Records from a data collection
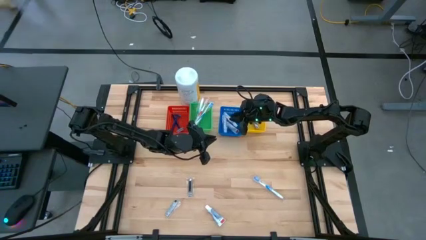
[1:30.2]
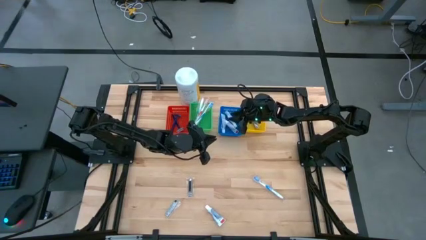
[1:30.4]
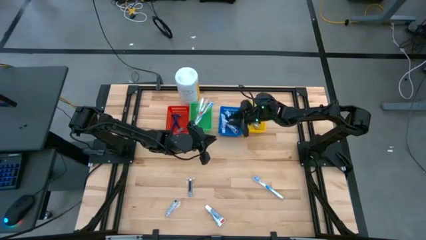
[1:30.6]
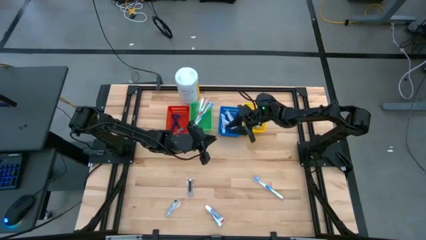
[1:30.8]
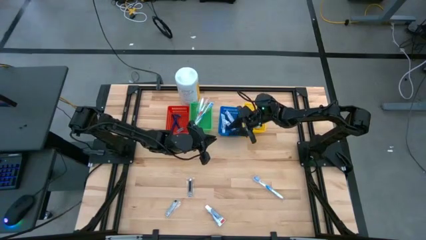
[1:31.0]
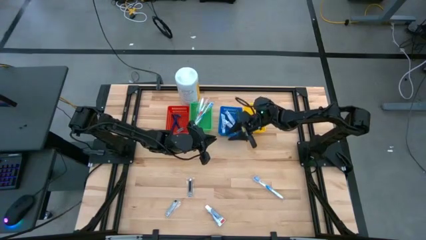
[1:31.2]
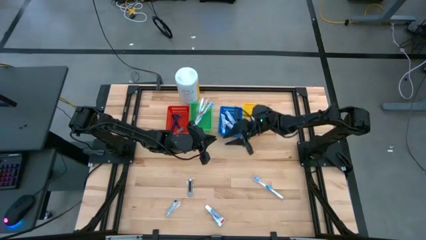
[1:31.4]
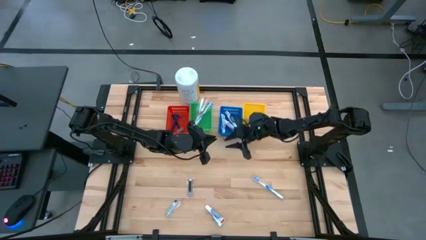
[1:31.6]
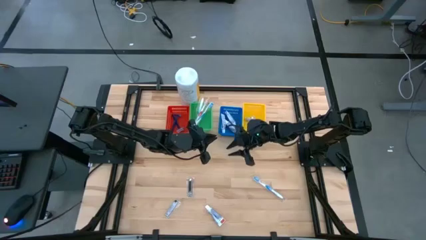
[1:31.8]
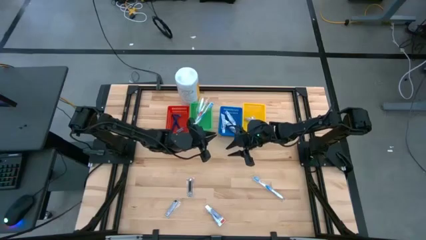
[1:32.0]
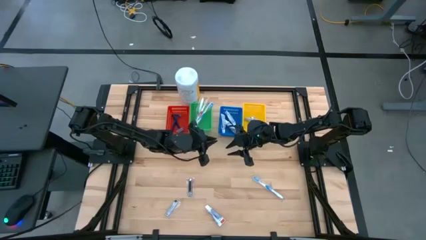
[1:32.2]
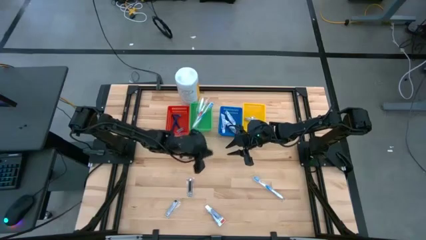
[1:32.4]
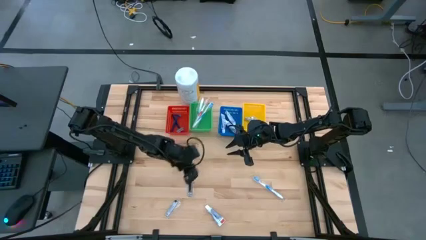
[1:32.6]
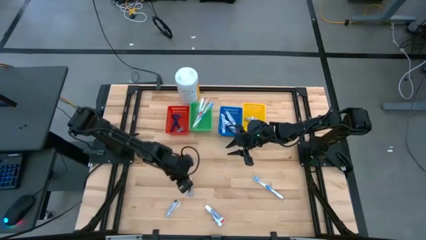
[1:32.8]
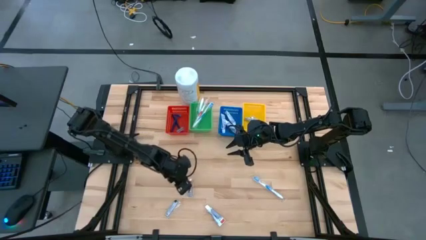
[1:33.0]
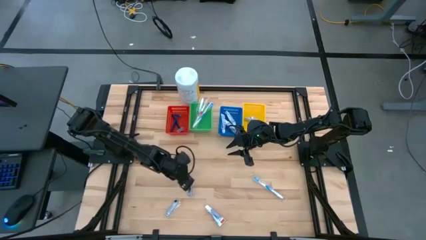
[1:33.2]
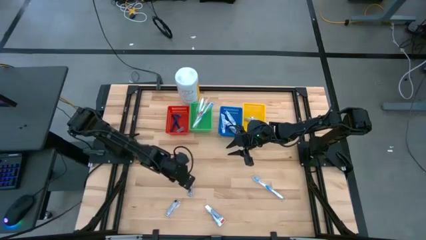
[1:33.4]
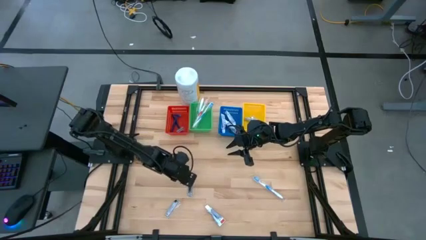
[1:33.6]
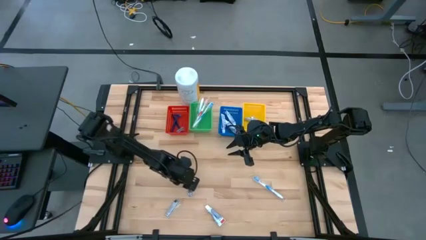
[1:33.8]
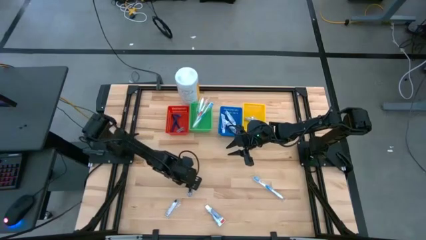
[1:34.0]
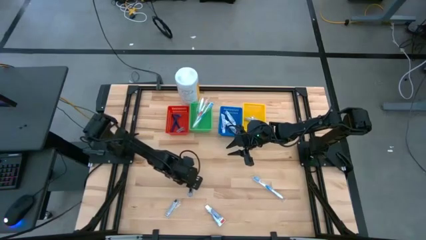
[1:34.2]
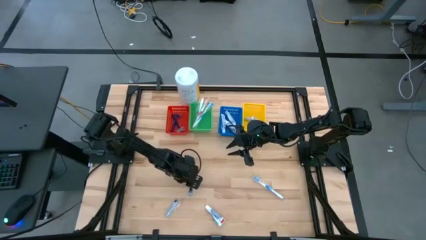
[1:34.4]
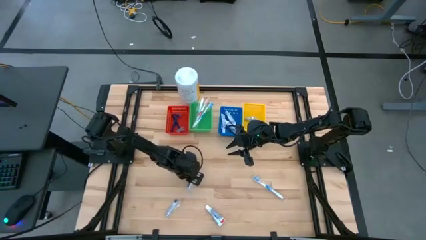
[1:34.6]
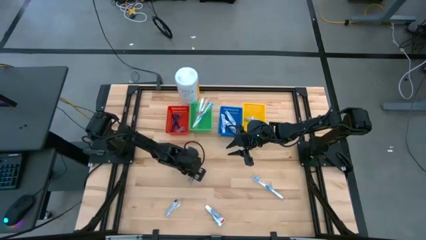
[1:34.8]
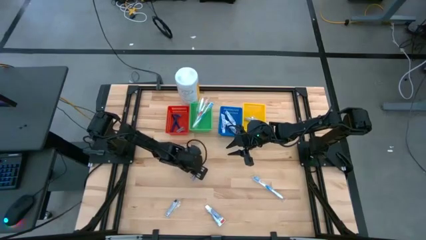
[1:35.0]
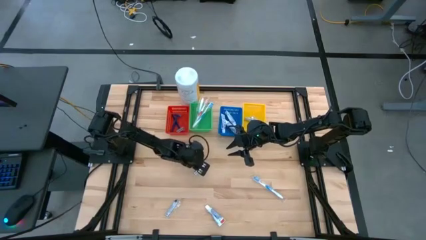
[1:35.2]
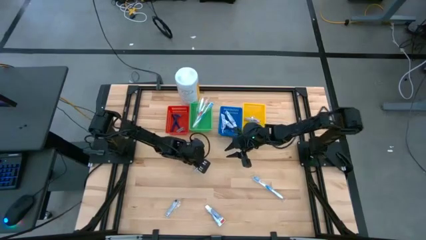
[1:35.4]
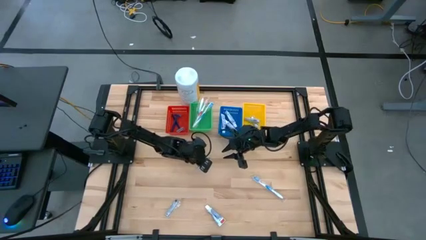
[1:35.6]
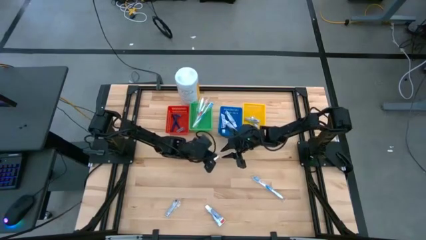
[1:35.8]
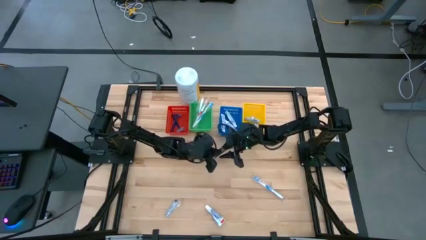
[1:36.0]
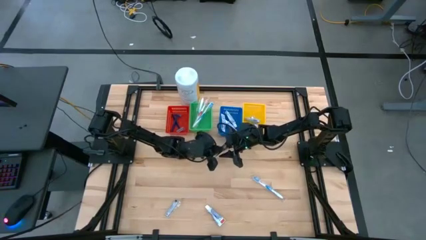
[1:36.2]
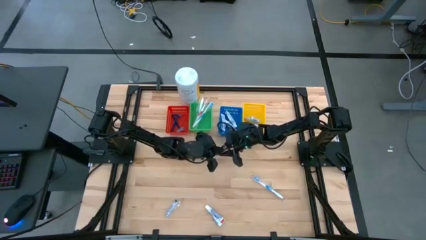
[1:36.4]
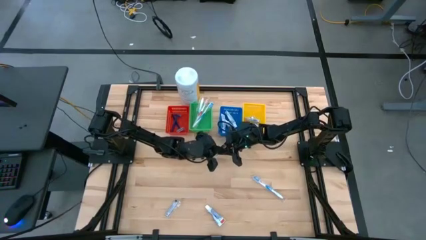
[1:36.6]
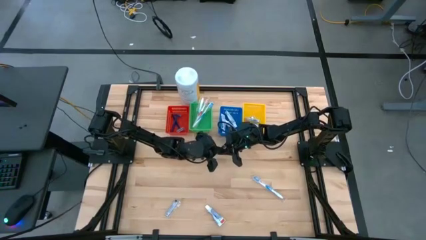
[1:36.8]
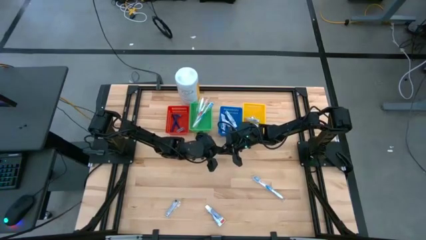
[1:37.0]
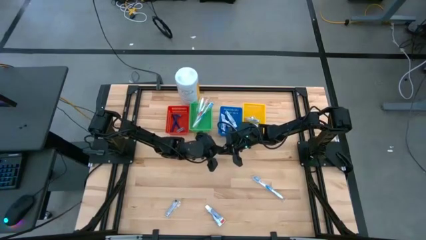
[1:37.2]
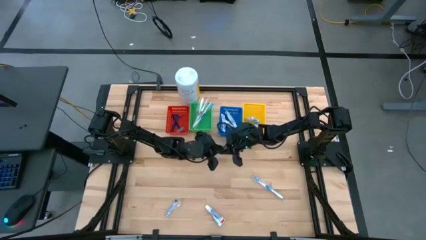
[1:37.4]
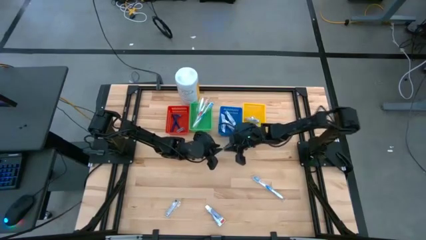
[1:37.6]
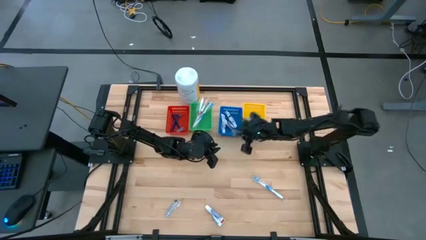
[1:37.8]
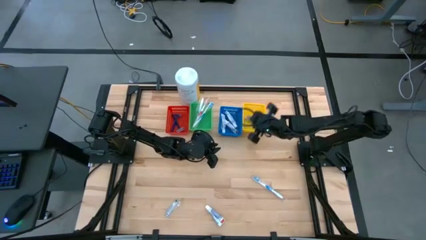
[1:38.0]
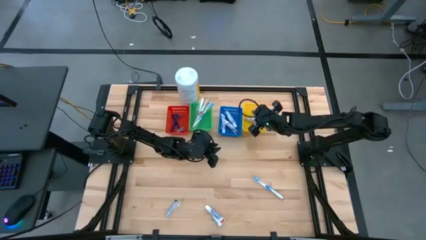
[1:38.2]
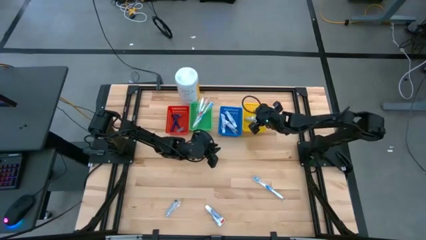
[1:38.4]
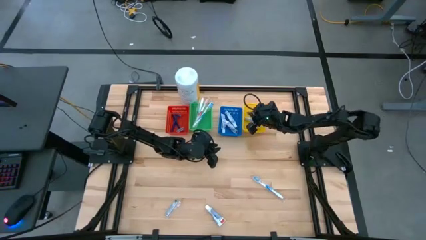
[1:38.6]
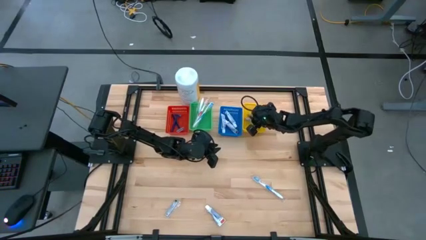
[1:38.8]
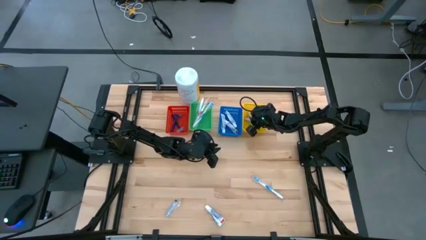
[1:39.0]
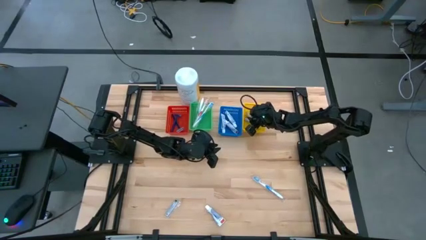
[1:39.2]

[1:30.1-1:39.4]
Task: Pick & Place Travel size toiletries
Put the silver nail cutter into the yellow bin

- **What you should do**: Write down all the entries exactly, but not the pictures they hold.

- **Completed exercise**:
[1:30.2]
[1:30.4]
[1:30.6]
[1:30.8]
[1:31.0]
[1:31.2]
[1:31.4]
[1:31.6]
[1:31.8]
[1:32.0]
[1:32.2]
[1:32.4]
[1:32.6]
[1:32.8]
[1:33.0]
[1:33.2]
[1:33.4]
[1:33.6]
[1:33.8]
[1:34.0]
[1:34.2]
[1:34.4]
[1:34.6]
[1:34.8]
[1:35.0]
[1:35.2]
[1:35.4]
[1:35.6]
[1:35.8]
[1:36.0]
[1:36.2]
[1:36.4]
[1:36.6]
[1:36.8]
[1:37.0]
[1:37.2]
[1:37.4]
[1:37.6]
[1:37.8]
[1:38.0]
[1:38.2]
[1:38.4]
[1:38.6]
[1:38.8]
[1:39.0]
[1:39.2]

[1:30.1-1:39.4]
Task: Pick & Place Travel size toiletries
Put the silver nail cutter into the yellow bin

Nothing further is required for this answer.